Al-Zoubi added that it is possible to supply the southern regions with desalinated water from Gulf water, as well as the northern and central regions that depend on river water, stressing that the

desalinated water can be desalinated to different degrees, one of which is for drinking and the other for agriculture.

He explained that it is possible to exploit the high oil prices in order to start these projects, especially since Iraq is an energy country and it has no problem in providing energy to these stations.

Rationalization and seeds

There are steps that must be relied upon to save water, which is the use of modern irrigation methods to save water and relying on seeds that bear a high degree of salinity, because many countries have started to cultivate with this type of seeds and have succeeded, such as China and Saudi Arabia, according to Al-Zoubi, who indicated that there are crops that can It is irrigated with salt water, such as barley.
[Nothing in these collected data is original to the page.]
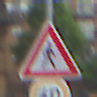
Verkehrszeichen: FussgaengerLinks
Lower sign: Geschwindigkeit60
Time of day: MorningAfternoon
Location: Outdoor (Urban)
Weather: Overcast
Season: NotSpecified
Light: Natural

The Euphrates River originates from the Taurus Mountains in Turkey, penetrates the Syrian lands, and then enters the Iraqi lands at Al-Bukamal in the Anbar Governorate, to meet with the Tigris River to form the Shatt Al-Arab.

The length of the Euphrates River from its source in Turkey to its mouth in the Shatt al-Arab is 2,940 km, including 1,176 km in Turkey, 610 km in Syria and 1,160 km in Iraq, and its width ranges from 200 to more than 2,000 meters at its mouth.

The Tigris River originates in the Taurus Mountains in southeastern Anatolia in Turkey, crosses the Syrian-Turkish border, and runs within the territory of Syria for a length of approximately 50 km, then enters the territory of Iraq at the village of Fishkhabur.

The length of the course of the river is about 1,718 km. It originates in Turkey and most of its course is inside Iraqi territory, with a length of about 1,400 km.

Five tributaries pour into it after entering Iraqi territory (the Khabur, the Great Zab, the Little Zab, the Great, and Diyala).

These tributaries bring to the river two-thirds of its water, and the other third It comes from Turkey.